→ Material shown
== Segment start ==
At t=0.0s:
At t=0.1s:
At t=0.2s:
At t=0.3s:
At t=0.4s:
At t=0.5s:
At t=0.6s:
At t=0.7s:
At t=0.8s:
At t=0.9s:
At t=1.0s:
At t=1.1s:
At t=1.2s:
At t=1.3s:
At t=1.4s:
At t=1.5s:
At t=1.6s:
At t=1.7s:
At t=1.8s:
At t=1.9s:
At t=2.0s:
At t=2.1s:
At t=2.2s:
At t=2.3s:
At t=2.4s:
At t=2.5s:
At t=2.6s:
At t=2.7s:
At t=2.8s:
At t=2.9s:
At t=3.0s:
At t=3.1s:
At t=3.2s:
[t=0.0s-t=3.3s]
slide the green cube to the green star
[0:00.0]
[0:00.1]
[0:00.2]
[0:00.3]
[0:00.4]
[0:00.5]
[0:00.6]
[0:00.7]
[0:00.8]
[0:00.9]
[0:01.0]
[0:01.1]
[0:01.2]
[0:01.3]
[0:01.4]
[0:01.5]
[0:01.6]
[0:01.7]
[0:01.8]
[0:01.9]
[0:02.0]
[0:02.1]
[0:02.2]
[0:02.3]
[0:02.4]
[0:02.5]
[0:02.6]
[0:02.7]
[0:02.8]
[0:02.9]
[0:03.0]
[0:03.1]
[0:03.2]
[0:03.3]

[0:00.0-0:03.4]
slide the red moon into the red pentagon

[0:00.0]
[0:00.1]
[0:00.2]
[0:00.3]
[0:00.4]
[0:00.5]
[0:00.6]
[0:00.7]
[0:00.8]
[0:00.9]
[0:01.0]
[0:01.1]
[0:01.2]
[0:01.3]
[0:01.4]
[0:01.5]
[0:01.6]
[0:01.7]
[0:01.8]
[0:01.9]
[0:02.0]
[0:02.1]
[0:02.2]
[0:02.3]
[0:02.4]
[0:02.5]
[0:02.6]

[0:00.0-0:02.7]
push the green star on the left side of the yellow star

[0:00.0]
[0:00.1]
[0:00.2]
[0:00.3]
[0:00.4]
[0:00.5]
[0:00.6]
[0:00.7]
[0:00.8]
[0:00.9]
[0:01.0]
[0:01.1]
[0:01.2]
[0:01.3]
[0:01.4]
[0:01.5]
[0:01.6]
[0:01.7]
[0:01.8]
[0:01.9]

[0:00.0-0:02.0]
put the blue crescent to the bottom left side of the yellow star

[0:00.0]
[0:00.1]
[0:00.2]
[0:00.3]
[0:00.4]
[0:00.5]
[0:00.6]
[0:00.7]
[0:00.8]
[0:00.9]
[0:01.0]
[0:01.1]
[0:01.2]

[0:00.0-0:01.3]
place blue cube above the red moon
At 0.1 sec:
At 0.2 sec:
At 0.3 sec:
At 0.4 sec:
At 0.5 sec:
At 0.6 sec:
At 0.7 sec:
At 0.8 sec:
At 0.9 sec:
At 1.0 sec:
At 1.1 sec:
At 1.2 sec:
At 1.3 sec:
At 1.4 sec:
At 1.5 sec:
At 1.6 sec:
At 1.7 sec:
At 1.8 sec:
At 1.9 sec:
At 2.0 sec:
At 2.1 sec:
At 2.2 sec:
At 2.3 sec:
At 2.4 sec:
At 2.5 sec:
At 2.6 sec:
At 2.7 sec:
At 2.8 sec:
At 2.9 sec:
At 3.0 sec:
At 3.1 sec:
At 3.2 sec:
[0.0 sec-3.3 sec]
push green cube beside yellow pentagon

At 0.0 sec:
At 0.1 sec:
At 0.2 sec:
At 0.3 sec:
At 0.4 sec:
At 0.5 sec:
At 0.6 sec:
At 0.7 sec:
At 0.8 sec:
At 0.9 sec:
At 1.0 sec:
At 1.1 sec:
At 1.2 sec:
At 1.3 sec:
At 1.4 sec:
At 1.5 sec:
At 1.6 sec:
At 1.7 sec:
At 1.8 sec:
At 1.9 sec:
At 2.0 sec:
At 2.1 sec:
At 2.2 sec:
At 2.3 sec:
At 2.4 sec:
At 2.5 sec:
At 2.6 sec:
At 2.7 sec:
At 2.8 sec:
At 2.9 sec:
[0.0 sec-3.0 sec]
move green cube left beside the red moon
== Segment end ==
→ Work instruction
Word for word, repeat the records above.

→ The completed task
At t=0.0s:
At t=0.1s:
At t=0.2s:
At t=0.3s:
At t=0.4s:
At t=0.5s:
At t=0.6s:
At t=0.7s:
At t=0.8s:
At t=0.9s:
At t=1.0s:
At t=1.1s:
At t=1.2s:
At t=1.3s:
At t=1.4s:
At t=1.5s:
At t=1.6s:
At t=1.7s:
At t=1.8s:
At t=1.9s:
At t=2.0s:
At t=2.1s:
At t=2.2s:
At t=2.3s:
At t=2.4s:
At t=2.5s:
At t=2.6s:
At t=2.7s:
At t=2.8s:
At t=2.9s:
At t=3.0s:
At t=3.1s:
At t=3.2s:
[t=0.0s-t=3.3s]
slide the green cube to the green star
[0:00.0]
[0:00.1]
[0:00.2]
[0:00.3]
[0:00.4]
[0:00.5]
[0:00.6]
[0:00.7]
[0:00.8]
[0:00.9]
[0:01.0]
[0:01.1]
[0:01.2]
[0:01.3]
[0:01.4]
[0:01.5]
[0:01.6]
[0:01.7]
[0:01.8]
[0:01.9]
[0:02.0]
[0:02.1]
[0:02.2]
[0:02.3]
[0:02.4]
[0:02.5]
[0:02.6]
[0:02.7]
[0:02.8]
[0:02.9]
[0:03.0]
[0:03.1]
[0:03.2]
[0:03.3]

[0:00.0-0:03.4]
slide the red moon into the red pentagon

[0:00.0]
[0:00.1]
[0:00.2]
[0:00.3]
[0:00.4]
[0:00.5]
[0:00.6]
[0:00.7]
[0:00.8]
[0:00.9]
[0:01.0]
[0:01.1]
[0:01.2]
[0:01.3]
[0:01.4]
[0:01.5]
[0:01.6]
[0:01.7]
[0:01.8]
[0:01.9]
[0:02.0]
[0:02.1]
[0:02.2]
[0:02.3]
[0:02.4]
[0:02.5]
[0:02.6]

[0:00.0-0:02.7]
push the green star on the left side of the yellow star

[0:00.0]
[0:00.1]
[0:00.2]
[0:00.3]
[0:00.4]
[0:00.5]
[0:00.6]
[0:00.7]
[0:00.8]
[0:00.9]
[0:01.0]
[0:01.1]
[0:01.2]
[0:01.3]
[0:01.4]
[0:01.5]
[0:01.6]
[0:01.7]
[0:01.8]
[0:01.9]

[0:00.0-0:02.0]
put the blue crescent to the bottom left side of the yellow star

[0:00.0]
[0:00.1]
[0:00.2]
[0:00.3]
[0:00.4]
[0:00.5]
[0:00.6]
[0:00.7]
[0:00.8]
[0:00.9]
[0:01.0]
[0:01.1]
[0:01.2]

[0:00.0-0:01.3]
place blue cube above the red moon
At 0.1 sec:
At 0.2 sec:
At 0.3 sec:
At 0.4 sec:
At 0.5 sec:
At 0.6 sec:
At 0.7 sec:
At 0.8 sec:
At 0.9 sec:
At 1.0 sec:
At 1.1 sec:
At 1.2 sec:
At 1.3 sec:
At 1.4 sec:
At 1.5 sec:
At 1.6 sec:
At 1.7 sec:
At 1.8 sec:
At 1.9 sec:
At 2.0 sec:
At 2.1 sec:
At 2.2 sec:
At 2.3 sec:
At 2.4 sec:
At 2.5 sec:
At 2.6 sec:
At 2.7 sec:
At 2.8 sec:
At 2.9 sec:
At 3.0 sec:
At 3.1 sec:
At 3.2 sec:
[0.0 sec-3.3 sec]
push green cube beside yellow pentagon

At 0.0 sec:
At 0.1 sec:
At 0.2 sec:
At 0.3 sec:
At 0.4 sec:
At 0.5 sec:
At 0.6 sec:
At 0.7 sec:
At 0.8 sec:
At 0.9 sec:
At 1.0 sec:
At 1.1 sec:
At 1.2 sec:
At 1.3 sec:
At 1.4 sec:
At 1.5 sec:
At 1.6 sec:
At 1.7 sec:
At 1.8 sec:
At 1.9 sec:
At 2.0 sec:
At 2.1 sec:
At 2.2 sec:
At 2.3 sec:
At 2.4 sec:
At 2.5 sec:
At 2.6 sec:
At 2.7 sec:
At 2.8 sec:
At 2.9 sec:
[0.0 sec-3.0 sec]
move green cube left beside the red moon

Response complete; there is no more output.